O Globo
Quatro anos depois, Brasil volta a entidade
que Bolsonaro abandonou por birra ideológica
Na noite em que Jair Bolsonaro foi eleito,
Paulo Guedes deu uma amostra do que os novos ocupantes do poder pensavam sobre
a América do Sul. Ele festejava a vitória num hotel da Barra da Tijuca, a
poucos metros da casa do presidente eleito.
Ao ouvir uma pergunta sobre o Mercosul, o
futuro ministro acusou o bloco de ser dominado por “inclinações bolivarianas”.
Em seguida, engrossou com uma repórter do jornal argentino Clarín. “O Mercosul
não será prioridade. Era isso que você queria ouvir?”.
Por birra ideológica, o bolsonarismo torpedeou décadas de esforços pela integração regional. Hostilizou países vizinhos, esvaziou a cooperação econômica e ressuscitou a velha política de alinhamento automático aos Estados Unidos.
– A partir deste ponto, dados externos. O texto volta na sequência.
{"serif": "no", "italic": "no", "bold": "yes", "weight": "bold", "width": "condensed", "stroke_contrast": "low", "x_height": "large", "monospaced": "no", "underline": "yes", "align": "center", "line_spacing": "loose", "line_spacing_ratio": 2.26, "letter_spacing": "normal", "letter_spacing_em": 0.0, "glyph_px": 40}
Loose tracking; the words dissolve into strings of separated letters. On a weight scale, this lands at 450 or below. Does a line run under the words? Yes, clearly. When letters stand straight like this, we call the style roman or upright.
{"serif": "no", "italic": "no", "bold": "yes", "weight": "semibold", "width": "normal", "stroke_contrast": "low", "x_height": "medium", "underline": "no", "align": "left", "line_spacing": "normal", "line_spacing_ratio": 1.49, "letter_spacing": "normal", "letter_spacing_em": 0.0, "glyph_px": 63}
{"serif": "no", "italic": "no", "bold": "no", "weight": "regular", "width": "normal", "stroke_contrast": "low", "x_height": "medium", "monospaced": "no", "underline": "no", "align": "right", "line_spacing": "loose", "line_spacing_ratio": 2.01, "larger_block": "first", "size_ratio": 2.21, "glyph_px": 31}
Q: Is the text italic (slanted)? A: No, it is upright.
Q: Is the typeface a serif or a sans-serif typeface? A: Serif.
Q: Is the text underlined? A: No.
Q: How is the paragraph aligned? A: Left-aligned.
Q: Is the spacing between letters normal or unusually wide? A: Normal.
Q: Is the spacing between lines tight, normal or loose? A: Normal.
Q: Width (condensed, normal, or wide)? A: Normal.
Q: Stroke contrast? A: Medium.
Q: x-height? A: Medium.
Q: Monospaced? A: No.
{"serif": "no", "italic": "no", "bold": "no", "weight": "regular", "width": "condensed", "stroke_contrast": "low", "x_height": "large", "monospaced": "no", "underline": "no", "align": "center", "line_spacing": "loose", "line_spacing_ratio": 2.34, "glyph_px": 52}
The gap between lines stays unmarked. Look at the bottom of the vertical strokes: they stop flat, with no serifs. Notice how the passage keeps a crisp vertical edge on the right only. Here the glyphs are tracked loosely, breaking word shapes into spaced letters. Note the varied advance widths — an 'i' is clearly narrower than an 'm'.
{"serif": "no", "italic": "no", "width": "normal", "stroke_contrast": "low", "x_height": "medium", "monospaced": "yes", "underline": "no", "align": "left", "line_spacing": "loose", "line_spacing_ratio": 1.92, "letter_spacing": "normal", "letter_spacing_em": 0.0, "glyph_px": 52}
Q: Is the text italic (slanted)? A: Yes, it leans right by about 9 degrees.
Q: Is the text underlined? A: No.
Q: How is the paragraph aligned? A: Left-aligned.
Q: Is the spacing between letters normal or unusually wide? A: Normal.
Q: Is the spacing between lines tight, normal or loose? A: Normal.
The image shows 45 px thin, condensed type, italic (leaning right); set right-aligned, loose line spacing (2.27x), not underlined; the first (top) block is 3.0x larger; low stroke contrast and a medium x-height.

Em abril de 2019, o capitão anunciou pelo Twitter que o Brasil sairia da União de Nações Sul-Americanas, a Unasul. Depois de quatro anos, o presidente Lula acaba de formalizar o retorno à entidade.
Apesar de terem muito em comum, os países
da região levaram quase dois séculos para dividirem a mesma mesa. A primeira
reunião dos 12 presidentes sul-americanos só aconteceu em 2000, por iniciativa
de Fernando Henrique Cardoso.
Oito anos depois, Lula assinaria o tratado
de criação da Unasul. O subcontinente vivia uma maré de governos de
centro-esquerda, mas a entidade estava longe de ser monolítica. Entre seus
fundadores, figuravam o colombiano Alvaro Uribe e o paraguaio Nicanor Duarte.
Apesar da presença de conservadores, a
direita brasileira estrilou. Olavo de Carvalho escreveu que a Unasul teria
“poderes para impor o socialismo a todo o continente”. O guru do bolsonarismo
morreu, mas seus delírios continuam na praça.
Nesta sexta, o deputado Kim Kataguiri
definiu a Unasul como uma “associação de países de regime socialistas (sic),
todos extremamente autoritários”. “Não se sabe se o órgão agirá como uma união
soviética latina ou um fórum de ditadores do narcotráfico”, emendou o deputado
Luiz Philippe de Orleans e Bragança.
Na última edição dos “Cadernos de Política
Exterior”, a embaixadora Eugênia Barthelmess lançou a pergunta: “Quem tem medo
da integração da América do Sul?”. A diplomata anotou que os 12 países da
região têm PIB conjunto de US$ 3,6 trilhões. Unidos, representariam a quinta
economia do mundo, atrás da Alemanha e à frente da Índia.
O potencial da cooperação não se limita à
esfera comercial. Ao somar forças, os sul-americanos podem ampliar sua voz em
negociações de temas como defesa, desenvolvimento, saúde e combate às mudanças
climáticas. O Brasil é quem tem mais a ganhar com a atuação conjunta. O país
concentra quase a metade do território, da população e da economia do
subcontinente.
A Unasul tem defeitos a serem corrigidos,
mas abandoná-la foi uma atitude contrária ao interesse nacional. Para a
embaixadora Barthelmess, a medida significou uma “abdicação de liderança
brasileira”. “Em nome de rancores cultivados na esfera da política doméstica,
sacrificaram-se princípios tradicionais de política exterior do país”, resumiu.